Too-low pay ends career of top state judge
Published 12:00 am Sunday, April 5, 2009
Proven, experienced trial judges are essential to justice. Mississippi is losing a good one, Frank Vollor, because again and again the Legislature has declined to pay competitive wages.
How incongruous it is that in an era when it’s been nothing for state allocations to prisoner care to rise by tens of millions of dollars yearly and state spending to blossom to more than $5.5 billion annually, lawmakers haven’t even been able to find a dime to pay judges better.
To be specific, state pay for a circuit judge is $104,170. A federal judge doing the same work is paid more than a third more, $165,200 per year.
The Mississippi Bar Association has weighed in on the topic, pointing out that pay for judges in Mississippi is the lowest among all 50 states. Cleverly, the bar dedicated the November-December edition of its magazine to the issue. Many, if not most members of the Legislature are members of the bar association and received that magazine before convening in January. But, again, it’s a “tight” year — so no raises.
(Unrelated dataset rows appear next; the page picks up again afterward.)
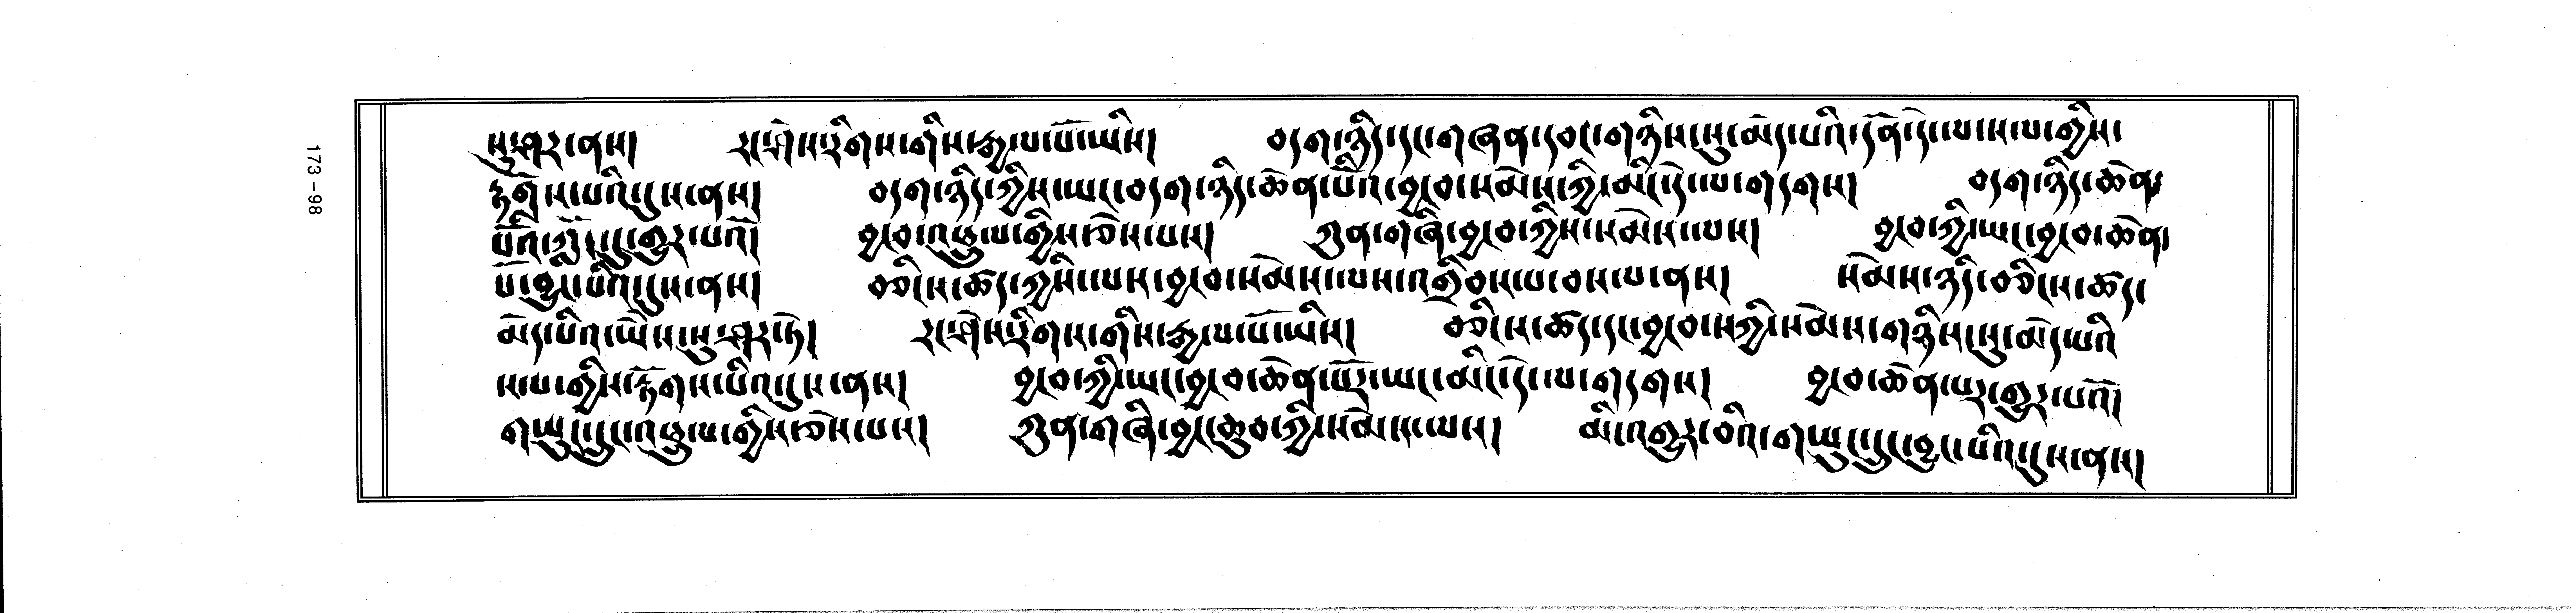སུ་ཤར་ནས། རང་ཤེས་རིག་གི་རྒྱལ་པོ་ཡིས། བདག་ཉིད་དང་གཞན་དབང་གཉིས་སུ་མེད་པར་སལ་གྱིས་
རྟོགས་པའི་དུས་ན། བདག་ཉིད་ཀྱིས་ཡང་བདག་ཉིད་ཆེན་པོའི་བྱང་ཆུབ་ཀྱི་སེམས་ཀྱི་མིང་དེ་ལ་གདགས། བདག་ཉིད་ཆེན་
པོའི་ཀློང་དུ་གྱུར་པའོ། །བྱང་ཆུབ་འཕྲུལ་གྱིས་ཅེས་པས། ཀུན་གཞི་བྱང་ཆུབ་ཀྱི་སེམས་ལས། བྱང་ཆུབ་ཀྱི་ཡང་བྱང་ཆུབ་ཆེན་
པོ་བྱུང་བའི་དུས་ན། བཅིངས་ཚད་ཀྱི་ལས་བྱང་ཆུབ་སེམས་ལས་འགྲིབ་པ་བསལ་ནས། སེམས་ཉིད་བཅིངས་ཚད་
མེད་པའི་ཡེ་ཤེས་སུ་ཤར་ཏེ། རང་ཤེས་རིག་རྒྱལ་པོ་ཡིས། བཅིངས་ཚད་དང་བྱང་ཆུབ་ཀྱི་སེམས་གཉིས་སུ་མེད་པའི་
སལ་གྱིས་རྟོགས་པའི་དུས་ན། བྱང་ཆུབ་ཀྱི་ཡང་བྱང་ཆུབ་ཆེན་པོར་ཡང་མིང་དེ་ལ་གདགས། བྱང་ཆུབ་ཆེན་པོར་གྱུར་པའོ། །
གཡུང་དྲུང་འཕྲུལ་གྱིས་ཅེས་པས། ཀུན་གཞི་བྱང་ཆུབ་ཀྱི་སེམས་ལས། མི་འགྱུར་བའི་གཡུང་དྲུང་བྱུང་བའི་དུས་ནས།

Apparently, that was all Vollor could take. Four of the children of the judge and his wife, a public school teacher, have completed college and a fifth is entering. Candidly, the judge said he could not take on more debt and would return to private practice.
“I had intended to wait until I turned 65, about five more years,” Vollor said last week. “But I have a daughter who is graduating from Warren Central. She’s done well and worked hard, and I want to give her the education she deserves.”
In candor, it must be noted that not every decision made by Vollor was praised on this page. Also in candor, that’s as it should be. Never was Vollor’s integrity questioned. Never did it appear any ruling was made without serious, impartial consideration.
That’s because Judge Vollor served the people of Warren, Sharkey and Issaquena counties with a deep, personal commitment to this community where his family has lived for generations. As a U.S. Marine and a reservist, he served his nation with the same dedication.
While Vollor decided literally thousands of motions and cases, Judge Isadore Patrick pointed out that creation of the Warren County Drug Court will be his testament. “It will definitely be a legacy for him,” Patrick said. “Not just in the future but already it has shown itself as a very useful tool to the community. It has changed lives and had a tremendous impact.”
Many thought it was “soft” to allow accused felons to declare themselves addicted and enroll in lengthy and intensively monitored rehabilitation. But for one night a week every week — without a dime of extra pay — Vollor and Patrick have made the program work here.
Soon, we hope, lawmakers will realize that maintaining a quality judiciary requires a salary better than an average lawyer earns a few years out of school. We honor Vollor’s service and his decision, but we hope people remember what brought it on.